> Activity
Would you write out each line of the material below exactly, skipping every picture?

> Dataset excerpt
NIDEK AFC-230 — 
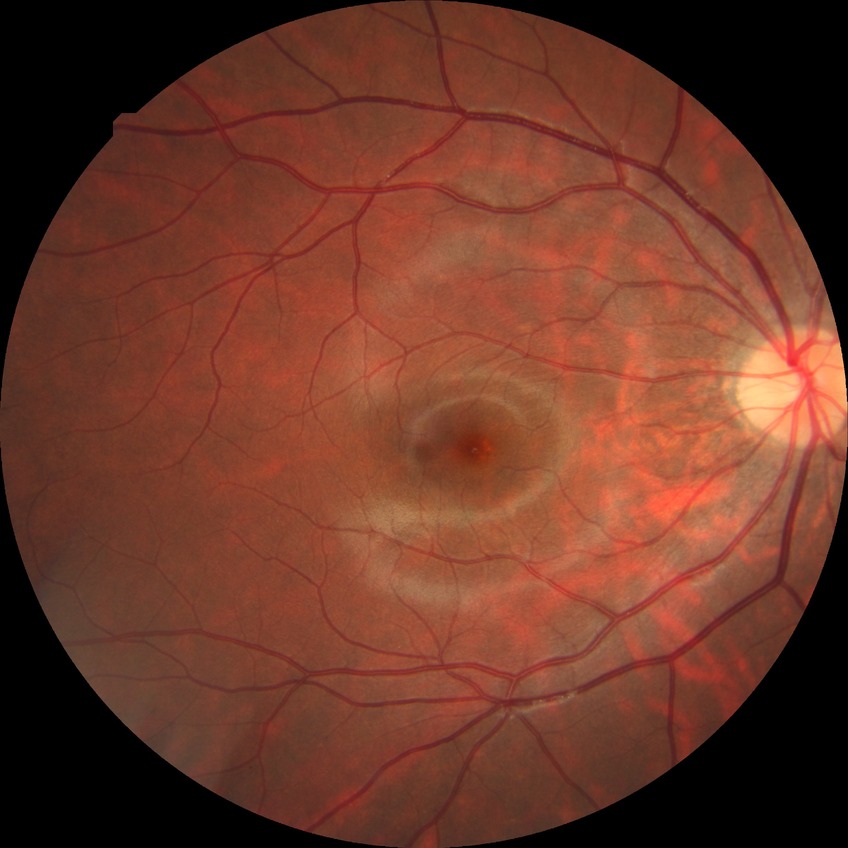

diabetic retinopathy (DR)@NDR (no diabetic retinopathy).
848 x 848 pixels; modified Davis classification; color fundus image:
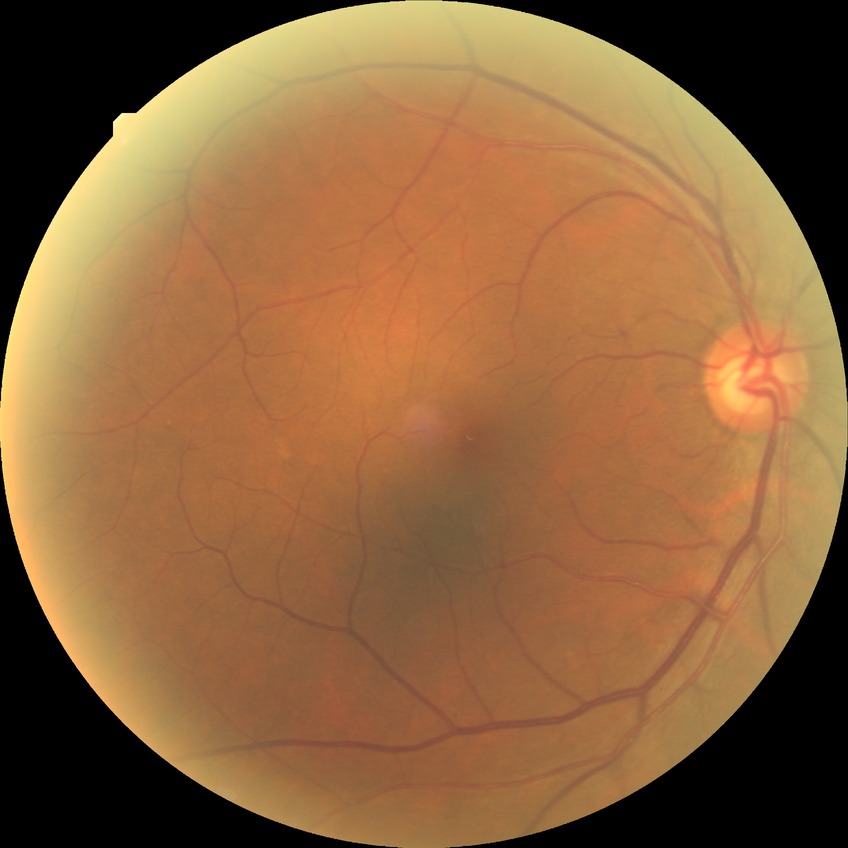 Diabetic retinopathy (DR) is NDR (no diabetic retinopathy).

> Exercise result
NIDEK AFC-230 — 

diabetic retinopathy (DR)@NDR (no diabetic retinopathy).
848 x 848 pixels; modified Davis classification; color fundus image:
 Diabetic retinopathy (DR) is NDR (no diabetic retinopathy).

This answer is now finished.